[Data entries]
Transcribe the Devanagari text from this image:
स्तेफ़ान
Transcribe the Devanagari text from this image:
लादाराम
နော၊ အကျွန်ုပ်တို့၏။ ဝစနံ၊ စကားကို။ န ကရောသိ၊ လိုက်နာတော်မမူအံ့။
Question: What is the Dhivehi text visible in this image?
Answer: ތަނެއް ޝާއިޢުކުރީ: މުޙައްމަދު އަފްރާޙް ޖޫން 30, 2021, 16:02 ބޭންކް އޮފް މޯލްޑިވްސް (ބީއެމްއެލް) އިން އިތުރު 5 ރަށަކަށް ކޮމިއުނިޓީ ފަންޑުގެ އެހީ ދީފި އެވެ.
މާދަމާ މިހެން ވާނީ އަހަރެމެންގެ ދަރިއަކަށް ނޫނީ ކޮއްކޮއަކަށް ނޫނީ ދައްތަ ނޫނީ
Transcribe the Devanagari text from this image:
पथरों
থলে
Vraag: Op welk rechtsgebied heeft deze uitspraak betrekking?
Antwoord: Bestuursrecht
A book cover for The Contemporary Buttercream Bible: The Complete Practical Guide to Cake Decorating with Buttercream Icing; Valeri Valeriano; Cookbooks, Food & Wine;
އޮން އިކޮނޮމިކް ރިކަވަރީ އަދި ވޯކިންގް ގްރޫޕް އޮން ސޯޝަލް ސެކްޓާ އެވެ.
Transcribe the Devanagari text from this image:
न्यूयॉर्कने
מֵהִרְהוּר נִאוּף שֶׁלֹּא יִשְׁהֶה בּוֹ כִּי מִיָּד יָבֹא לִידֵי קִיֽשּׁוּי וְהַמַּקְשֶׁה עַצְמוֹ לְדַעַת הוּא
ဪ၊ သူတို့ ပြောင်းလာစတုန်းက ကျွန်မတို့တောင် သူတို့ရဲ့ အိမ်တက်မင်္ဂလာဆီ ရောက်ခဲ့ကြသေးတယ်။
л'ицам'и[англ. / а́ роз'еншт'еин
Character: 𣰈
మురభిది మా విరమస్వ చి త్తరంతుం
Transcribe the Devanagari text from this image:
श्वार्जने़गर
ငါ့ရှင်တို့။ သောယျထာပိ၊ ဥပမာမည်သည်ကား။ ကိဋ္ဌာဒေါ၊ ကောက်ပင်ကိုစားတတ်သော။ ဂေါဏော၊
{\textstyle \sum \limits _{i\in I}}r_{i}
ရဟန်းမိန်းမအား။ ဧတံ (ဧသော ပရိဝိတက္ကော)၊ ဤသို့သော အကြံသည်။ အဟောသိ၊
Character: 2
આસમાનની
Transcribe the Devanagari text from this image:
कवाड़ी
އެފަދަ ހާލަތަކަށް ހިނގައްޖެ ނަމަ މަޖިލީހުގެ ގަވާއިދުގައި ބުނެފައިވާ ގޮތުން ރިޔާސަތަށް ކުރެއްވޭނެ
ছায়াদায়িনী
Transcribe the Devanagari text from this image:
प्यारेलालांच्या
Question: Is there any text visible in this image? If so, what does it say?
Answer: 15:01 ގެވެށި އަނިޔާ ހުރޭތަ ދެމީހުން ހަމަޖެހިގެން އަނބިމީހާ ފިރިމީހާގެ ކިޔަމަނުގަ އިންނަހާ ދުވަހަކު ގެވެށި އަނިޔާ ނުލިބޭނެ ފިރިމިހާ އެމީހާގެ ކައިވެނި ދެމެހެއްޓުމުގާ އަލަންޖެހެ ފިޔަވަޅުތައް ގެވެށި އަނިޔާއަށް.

* * *

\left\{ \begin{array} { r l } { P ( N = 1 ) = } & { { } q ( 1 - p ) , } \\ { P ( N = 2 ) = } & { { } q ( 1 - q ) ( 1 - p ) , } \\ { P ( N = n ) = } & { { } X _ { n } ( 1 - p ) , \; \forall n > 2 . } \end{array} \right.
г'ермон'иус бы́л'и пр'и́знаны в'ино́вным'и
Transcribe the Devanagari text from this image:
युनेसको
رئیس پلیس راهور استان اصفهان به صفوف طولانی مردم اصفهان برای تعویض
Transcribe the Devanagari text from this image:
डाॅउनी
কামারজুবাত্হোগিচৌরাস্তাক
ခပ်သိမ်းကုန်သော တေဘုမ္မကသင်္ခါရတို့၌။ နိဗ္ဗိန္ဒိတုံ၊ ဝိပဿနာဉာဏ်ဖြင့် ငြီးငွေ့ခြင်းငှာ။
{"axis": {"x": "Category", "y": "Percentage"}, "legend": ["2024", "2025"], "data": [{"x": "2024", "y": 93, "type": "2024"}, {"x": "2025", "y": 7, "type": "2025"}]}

---

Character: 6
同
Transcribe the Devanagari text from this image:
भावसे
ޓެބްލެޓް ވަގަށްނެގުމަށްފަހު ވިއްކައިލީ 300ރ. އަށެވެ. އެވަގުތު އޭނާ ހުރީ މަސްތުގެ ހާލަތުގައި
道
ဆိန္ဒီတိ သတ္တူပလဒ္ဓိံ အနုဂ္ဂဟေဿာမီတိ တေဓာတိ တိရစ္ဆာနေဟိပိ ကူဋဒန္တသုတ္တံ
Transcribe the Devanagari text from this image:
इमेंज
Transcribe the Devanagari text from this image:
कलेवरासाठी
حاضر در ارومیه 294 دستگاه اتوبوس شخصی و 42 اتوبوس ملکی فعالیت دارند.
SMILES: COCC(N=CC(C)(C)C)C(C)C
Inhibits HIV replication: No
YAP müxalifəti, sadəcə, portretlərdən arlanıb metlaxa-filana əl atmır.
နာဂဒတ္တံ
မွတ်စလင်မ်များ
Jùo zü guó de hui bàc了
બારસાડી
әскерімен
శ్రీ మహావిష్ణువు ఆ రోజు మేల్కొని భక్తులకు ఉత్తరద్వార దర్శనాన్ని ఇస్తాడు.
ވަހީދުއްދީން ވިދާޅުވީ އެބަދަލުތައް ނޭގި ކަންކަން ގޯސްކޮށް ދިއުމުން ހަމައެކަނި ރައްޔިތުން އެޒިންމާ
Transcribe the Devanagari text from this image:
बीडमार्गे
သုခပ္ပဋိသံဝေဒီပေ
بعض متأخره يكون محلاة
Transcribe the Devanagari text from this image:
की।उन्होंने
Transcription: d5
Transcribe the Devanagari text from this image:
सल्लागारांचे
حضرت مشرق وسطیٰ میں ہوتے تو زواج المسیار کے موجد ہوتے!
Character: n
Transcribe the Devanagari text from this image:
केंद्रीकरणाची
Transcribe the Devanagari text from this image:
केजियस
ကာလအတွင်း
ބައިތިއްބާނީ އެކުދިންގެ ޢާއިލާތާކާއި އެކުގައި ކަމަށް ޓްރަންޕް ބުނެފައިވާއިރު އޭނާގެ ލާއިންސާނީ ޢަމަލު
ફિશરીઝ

Problem: Report each line in the preceding entries that holds the string "Question".

Answer section:
Question: What is the Dhivehi text visible in this image?
Question: Is there any text visible in this image? If so, what does it say?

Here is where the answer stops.